You know how you can tell Vin Diesel is a role-playing game nerd? I mean, aside from knowing he wrote the foreword to the Dungeons & Dragons 30th anniversary retrospective and all of his fake tattoos in xXx were references to his D&D characters. You can tell he’s an RPG nerd because the man loves side quests.
Side quests, for those who don’t know, are optional objectives in RPGs, often taking exorbitant amounts of time or resources to obtain some item, achievement, or simple sense of satisfaction. Lots of players overlook or purposefully ignore side quests. But others go for them—maybe all of them—simply because they love what they’re doing and they want to find some more cool stuff related to the thing they love.
These labors of love can create a fuller, more enjoyable experience that endears players to a game they may have otherwise been on the fence about. Similarly, while his prominent roles in genre films certainly place Vin Diesel squarely in the popular consciousness, it’s his commitment to and enthusiasm for his interests that make us love him.
Diesel’s quest began, at least on major stages, writing, directing, and starring in a small film about his own racial and psychological identity (Multi-Facial), which caught the eye of Steven Spielberg. Spielberg asked him if he wanted to try getting involved with explosions and combat in Saving Private Ryan, and now here we are, more than a dozen Diesel-launched action-franchise movies later, with another due out this weekend.
Between Saving Private Ryan and Riddick’s debut in Pitch Black, Diesel changed all our childhoods by providing the voice of The Iron Giant. (Go ahead, say “Suuupermaaan.” I’ll wait.) He’d come back to the voice acting a few times in video games and animated shorts, often overlapping with his Riddick work in tie-in games. (You know who made those games, by the way? Diesel has his own video game production company, Tigon Studios.) Then, last year, he turned in perhaps the greatest three-word voice acting performance in history as Guardians of the Galaxy’s Groot.
Still not buying the side quest angle? Diesel learned the character’s signature phrase, “I am Groot,” in every language in which the movie was being released, so he could voice Groot in each version. He went on to attend the British premiere on stilts, wearing an “I am Groot” t-shirt.

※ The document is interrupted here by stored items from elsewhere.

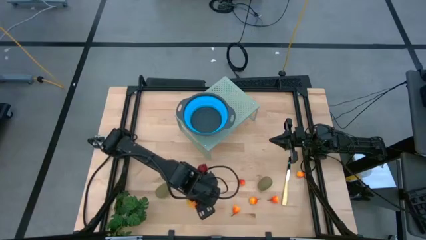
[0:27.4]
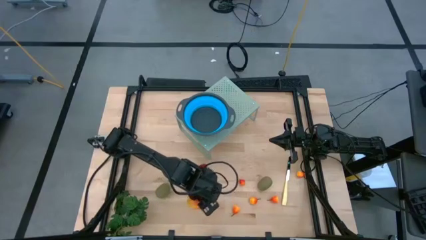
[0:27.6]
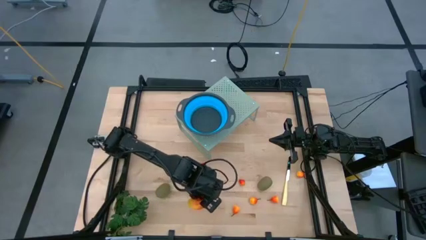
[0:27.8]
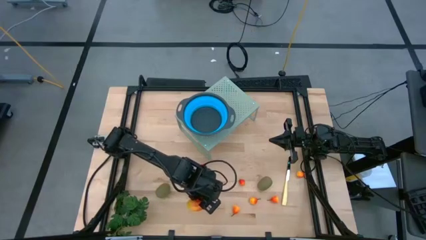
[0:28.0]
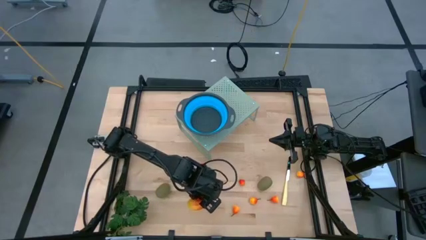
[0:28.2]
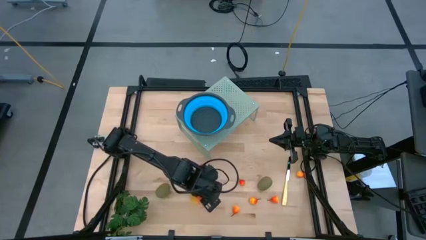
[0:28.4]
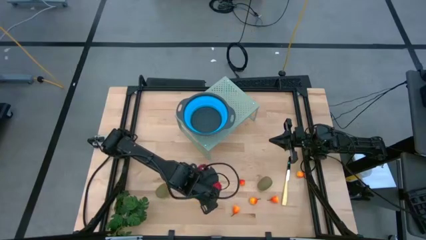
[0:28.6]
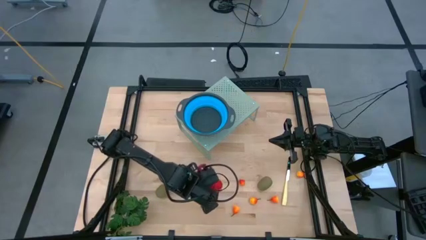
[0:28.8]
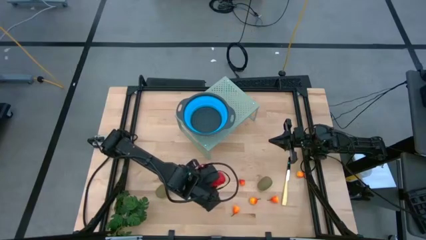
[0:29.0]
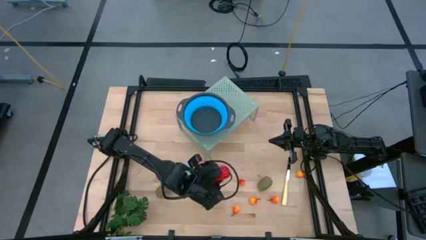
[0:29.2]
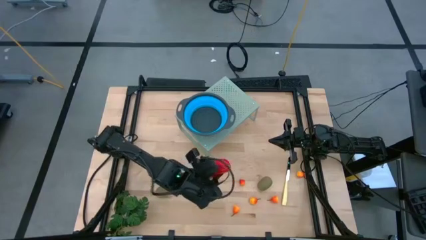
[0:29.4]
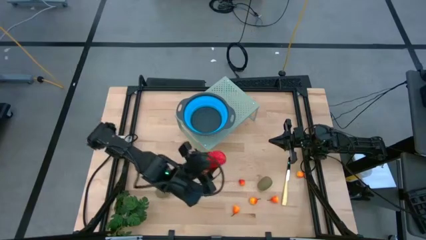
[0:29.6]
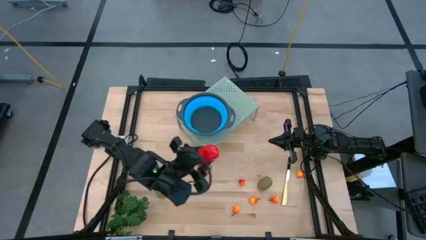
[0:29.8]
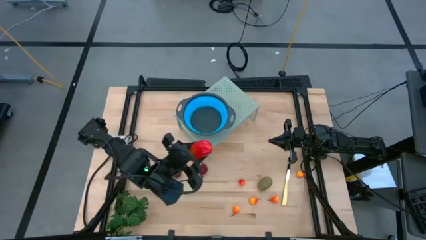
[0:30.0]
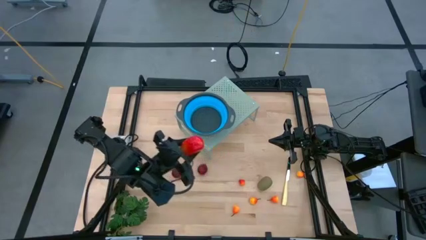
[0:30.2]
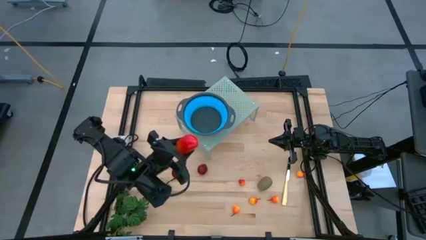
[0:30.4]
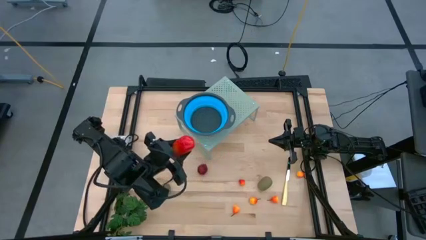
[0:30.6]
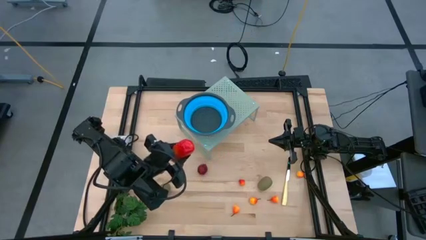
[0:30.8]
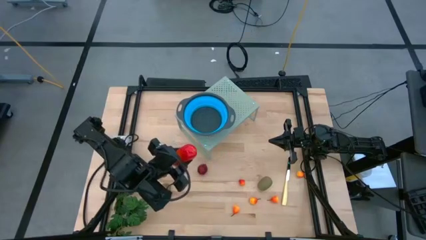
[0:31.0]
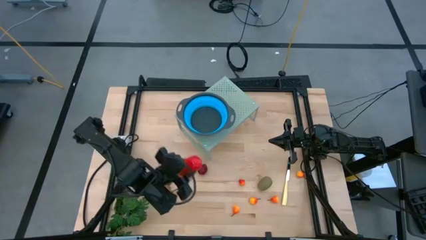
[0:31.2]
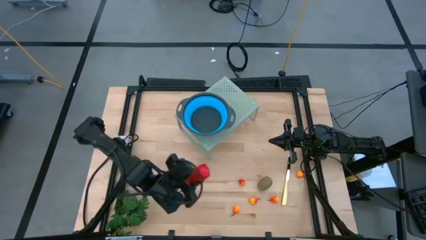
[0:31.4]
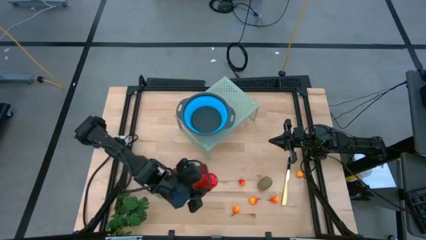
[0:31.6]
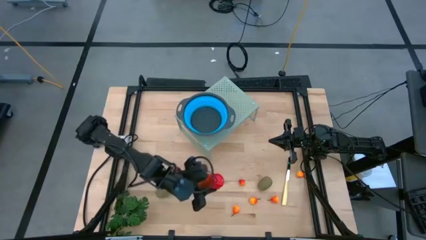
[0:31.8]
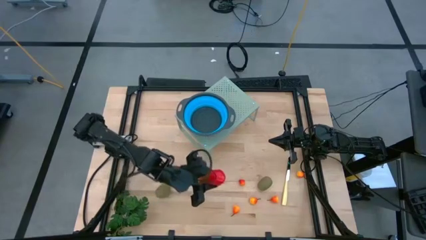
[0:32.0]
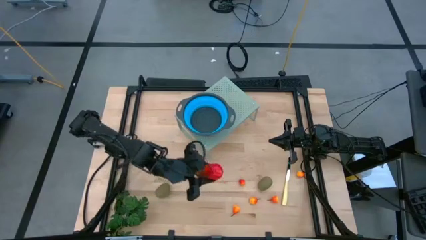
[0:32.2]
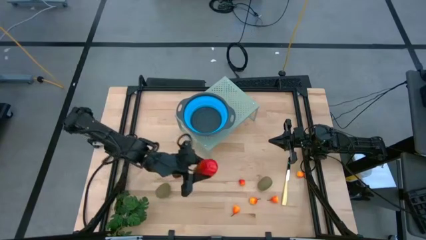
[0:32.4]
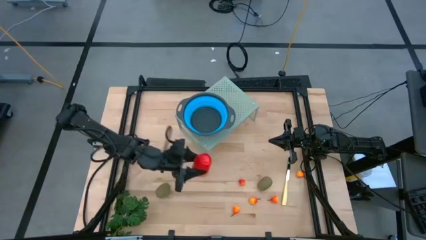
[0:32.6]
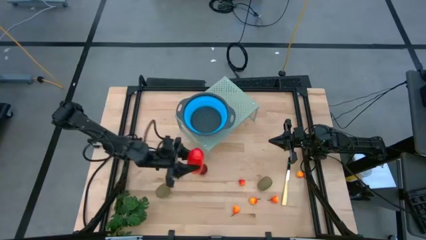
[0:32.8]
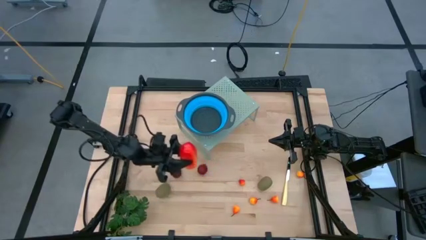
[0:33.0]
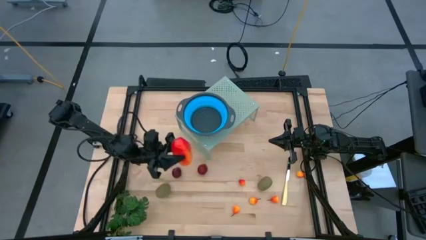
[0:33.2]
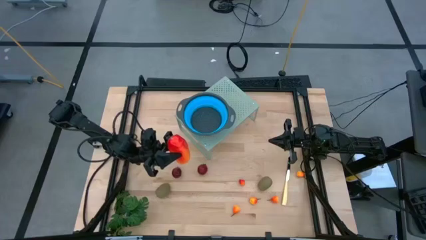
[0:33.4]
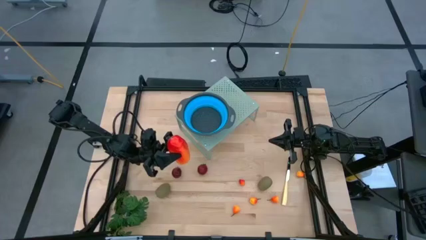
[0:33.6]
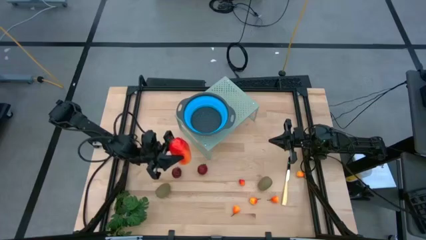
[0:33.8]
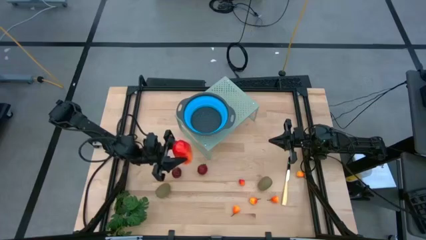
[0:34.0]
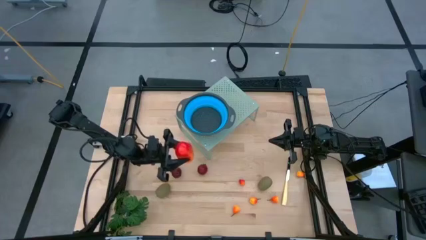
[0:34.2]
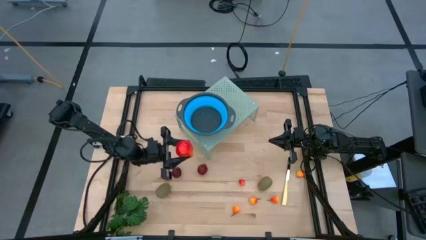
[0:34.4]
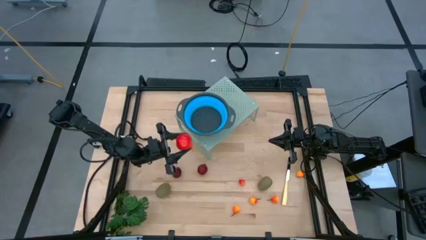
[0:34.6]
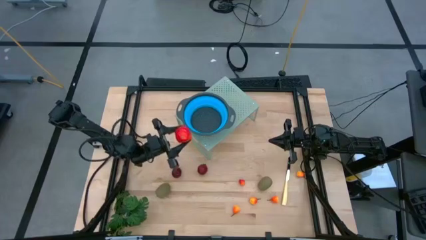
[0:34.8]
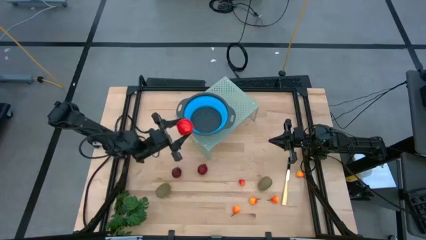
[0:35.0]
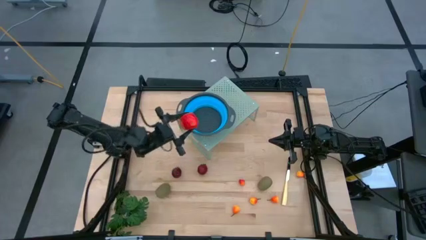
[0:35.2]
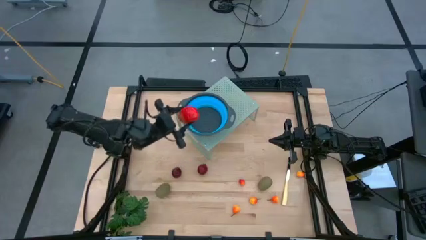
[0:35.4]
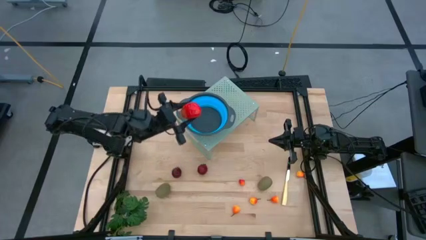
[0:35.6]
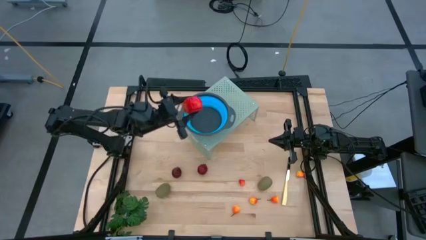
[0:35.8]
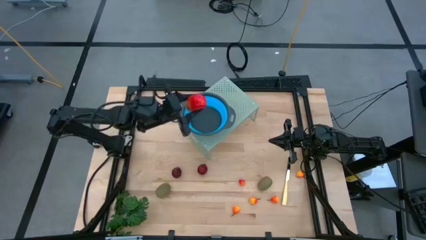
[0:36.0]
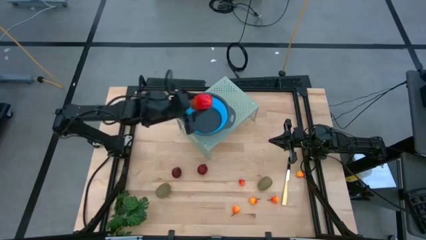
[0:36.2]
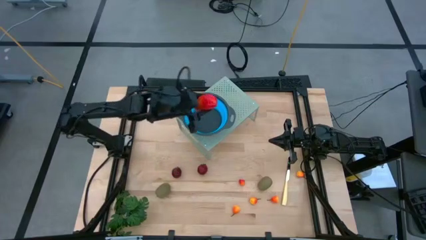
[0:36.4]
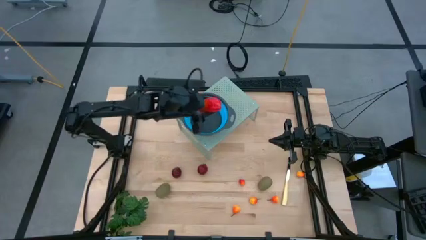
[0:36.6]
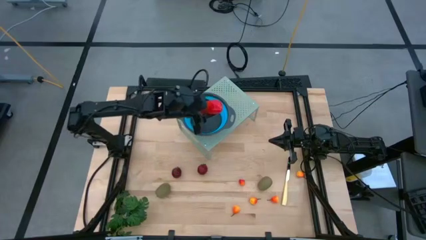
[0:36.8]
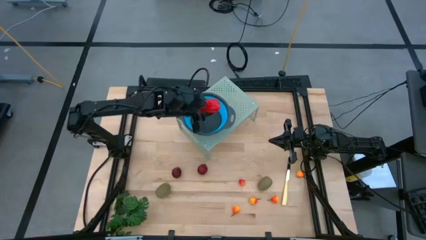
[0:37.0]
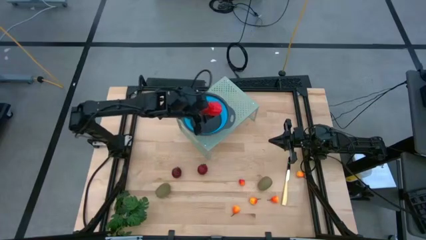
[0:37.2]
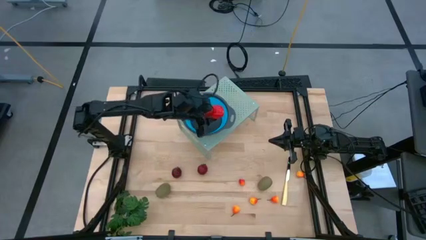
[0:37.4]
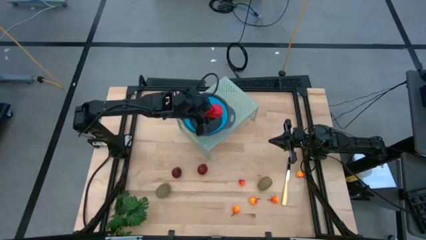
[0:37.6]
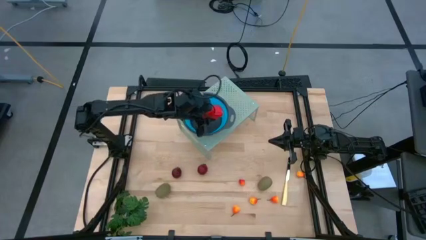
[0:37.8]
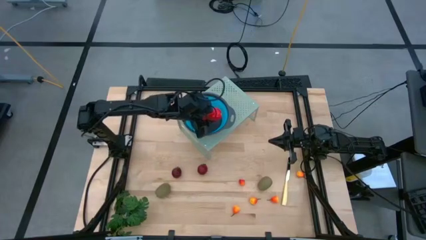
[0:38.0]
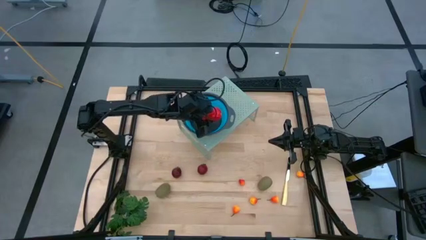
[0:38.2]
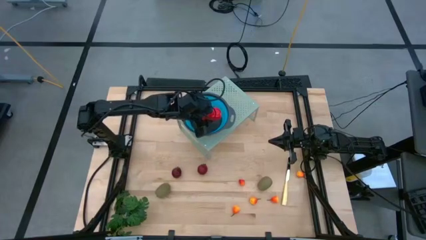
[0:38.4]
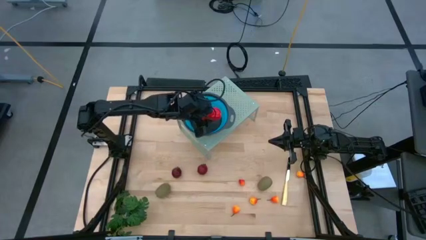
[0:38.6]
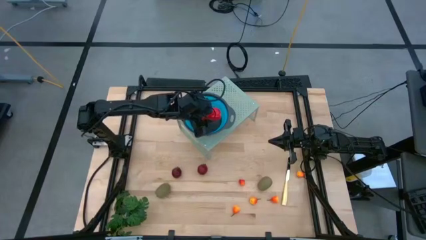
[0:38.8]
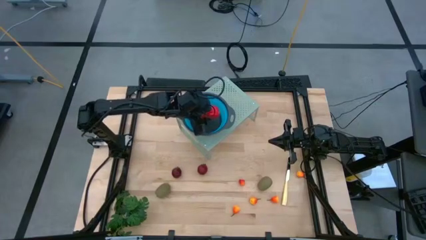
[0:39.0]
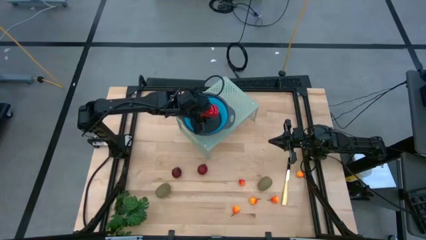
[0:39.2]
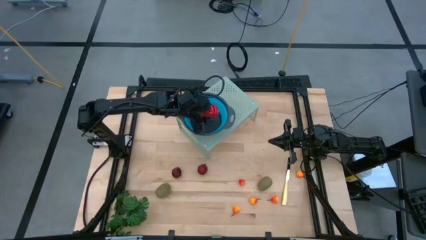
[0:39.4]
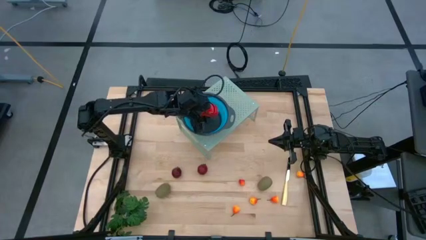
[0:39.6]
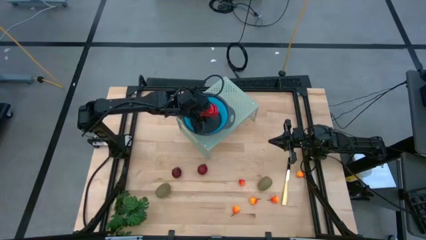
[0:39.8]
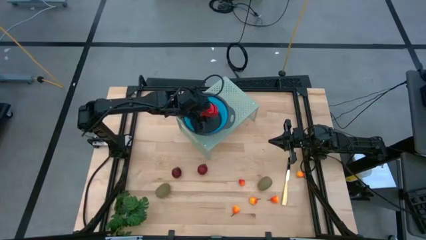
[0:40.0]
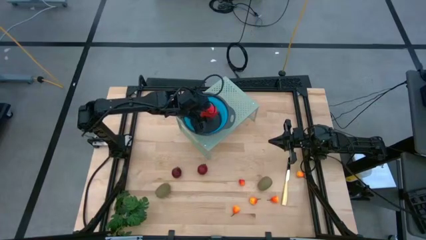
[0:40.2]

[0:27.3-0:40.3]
Task: Pick & Place Fruit
Put the mango into the collapsible colander on the shelf

That picture, and that attitude, speaks to what makes Vin Diesel great. It doesn’t matter where his life’s A-plot seems to be heading; Diesel finds the stuff he likes, and he embraces it wholeheartedly.
That attitude is perhaps most evident in his turn as real-life mobster Jackie DiNorscio in Find Me Guilty. No one expected the guy who played a murderous space convict and a family-obsessed car thief to convincingly portray a member of the Lucchese crime family—which is really kind of stupid of them, in retrospect. As in most of these side quests, Diesel did a fantastic job, even if not many noticed.
That’s not to say Diesel’s self-involved; far from it. The guy’s a big-time philanthropist and sweetheart. He gives back to his old neighborhood, donates to myriad causes, and is known to be quick to share his love of games, even teaching Dame Judi Dench D&D on the set of The Chronicles of Riddick.
Diesel’s “I’m doing it for me” professional approach, coupled with his unbridled enthusiasm, makes him the kind of actor I love to follow. He’s clearly having fun out there, blowing shit up, stealing cars, and building hodgepodge families…and making video games and running a record label, while he’s at it. If he wasn’t having fun, he wouldn’t still be doing it fifteen years after his big break. Because that’s what side quests are for: the joy of going after something you want and not worrying about the rest.